Un mime pour sortir le cirque russe de l'ornière soviétique


AFP
Jeudi 18 Juillet 2013

Un mime pour sortir le cirque russe de l'ornière soviétique
Faire entrer le cirque russe dans la modernité en l'extrayant définitivement de l'ère soviétique: c'est le défi en forme de "mission impossible" qu'un célèbre mime s'est promis de relever.
Pour y parvenir, le mime Slava Polounine, détenteur du prestigieux prix Laurence Olivier, va devoir cette fois joindre la parole au geste en redorant le blason du cirque russe, terni depuis plusieurs années.
Son "laboratoire" : le cirque de la Fontanka de Saint-Pétersbourg, une institution en plein déclin qu'il dirige depuis la mi-janvier.
Mais ce nouveau souffle qu'il ambitionne d'insuffler, suscite déjà des remous.
Quelques mois à peine après sa nomination, une centaine des membres du cirque ont appelé à son limogeage, jugeant qu'il ne comprenait pas les traditions et les spécificités du cirque russe.
"Cet homme est incontestablement doué dans son domaine, mais celui-ci est très loin de l'art du cirque", ont-ils écrit dans une lettre adressée au président Vladimir Poutine, où ils ont également estimé que Polounine était un défenseur du style du "Cirque du Soleil".
Cheveu argenté et barbe blanche, Slava Polounine, aujourd'hui âgé de 63 ans, qualifie lui-même davantage son travail de "théâtre" que de "cirque".
Il se voit donc à des années lumières du spectacle mis en scène l'an dernier pour le 135e anniversaire de la vénérable maison dans la plus pure tradition soviétique.
Les spectateurs ont ainsi pu apprécier un homme costumé domptant des lions en cage, des acrobates oeuvrant sur une musique folklorique et des caniches sautillant en file indienne sur leurs pattes arrière.
Pour ajouter à ce manque d'originalité, un scandale a éclaboussé l'institution après qu'un groupe de défense des droits des animaux Vita a diffusé des images de dresseurs frappant un singe et un kangourou en répétition.
Même si la date de tournage de ces images n'a pas été précisée, de nombreuses célébrités comme le cinéaste Alexandre Sokourov ont envoyé une lettre au nouveau directeur dans laquelle ils lui ont demandé d'arrêter les spectacles avec les animaux.
Mais le célèbre cirque Dourov de Moscou a immédiatement réagi, appelant lui à conserver cette pratique qu'il juge traditionnelle du cirque russe.
"Des cas isolés de cruauté ne reflètent pas le tableau complet", a estimé ce cirque.
Des critiques se sont en revanche rangés du côté de Polounine, regrettant cette coloration toujours soviétique des représentations et l'absence d'une nouvelle ligne artistique.
Interrogé par l'AFP, Polounine, qui se targue de n'avoir jamais utilisé d'animaux dans ses spectacles, a indiqué qu'il comptait organiser une table ronde à ce sujet.
Selon lui, le cirque russe a un cruel besoin de renouvellement, aussi bien concernant la teneur de ses spectacles que son édifice.
"Le cirque était à son sommet dans les années 50, maintenant il stagne", a-t-il lancé.
"Nos artistes sont très professionnels, ils sont parmi les meilleurs au monde, mais il y a un manque de mise en scène, de nouvelles idées", a-t-il estimé.
"Je veux garder tout ce qui est bien, je ne veux rien détruire", a-t-il toutefois assuré.
Quant à l'édifice construit en 1877 dans le centre historique de Saint-Pétersbourg, il a perdu de son lustre.
Premier "cirque d'hiver", construit en dur, en Russie, il a été fondé par l'Italien Gaetano Ciniselli.
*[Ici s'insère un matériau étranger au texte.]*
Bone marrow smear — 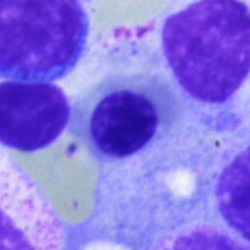 Specimen: bone marrow smear.
Cell type: nucleated red cell.
Lineage: erythroid.
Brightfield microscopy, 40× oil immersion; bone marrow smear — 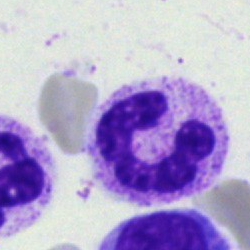 Q: What cell is this?
A: This is a polymorphonuclear neutrophil.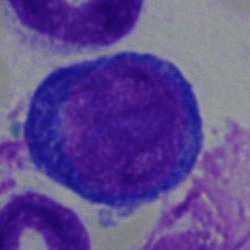 Q: Which cell type is shown here?
A: This is an erythroblast.
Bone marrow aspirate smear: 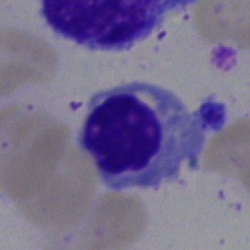 Q: Identify the cell.
A: A nucleated red cell.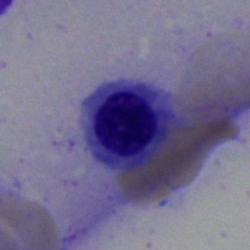

Morphological class — nucleated red cell.
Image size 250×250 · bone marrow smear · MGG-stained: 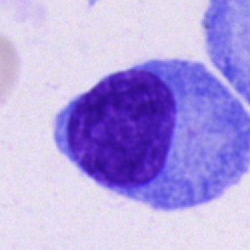Specimen: bone marrow smear.
Cell: plasma cell.
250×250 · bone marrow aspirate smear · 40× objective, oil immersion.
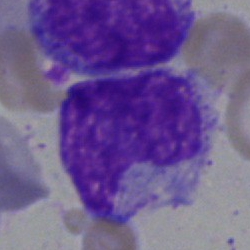
Morphology — unidentifiable cell.
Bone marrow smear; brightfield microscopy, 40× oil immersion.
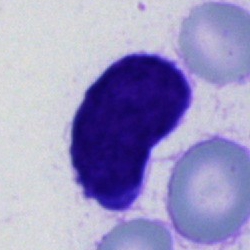This is a cell of indeterminate lineage.
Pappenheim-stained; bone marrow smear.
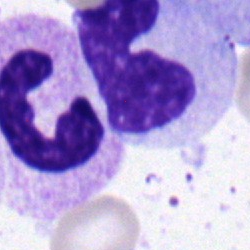 Specimen: bone marrow aspirate smear.
Cell type: neutrophil (band).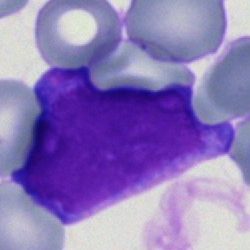 Single cell identified as a blast.
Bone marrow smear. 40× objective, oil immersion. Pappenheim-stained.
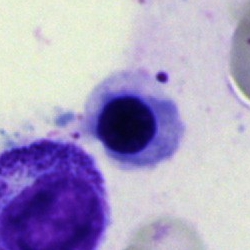
Morphology — erythroblast.

Sa famille l'a dirigé jusqu'à la Révolution bolchévique de 1917. En 1919, il a été nationalisé.
Le nouveau directeur est en effet loin d'être un novice. Dans les années 80, il a fondé sa propre troupe "Litsedeï" à Saint-Pétersbourg avec des spectacles alliant pantomime, tragicomédie et farce.
Après avoir acquis une énorme renommée avec son personnage de clown Assissaï, il a quitté la Russie durant la Perestroïka, à la fin des années 80, pour travailler à l'étranger.
En 1993, il a créé "Le Snowshow", un spectacle féérique, à la croisée du conte, de la magie et du rire, qui a remporté un succès international.
Il a passé notamment des années en France, en Grande-Bretagne et au Canada, où il a travaillé avec le Cirque du Soleil, avant d'être nommé directeur du cirque de Saint-Pétersbourg.
Et de confier avoir réfléchi "cinq minutes avant de dire oui à la proposition qui m'était faite" de prendre la direction de la Fontanka.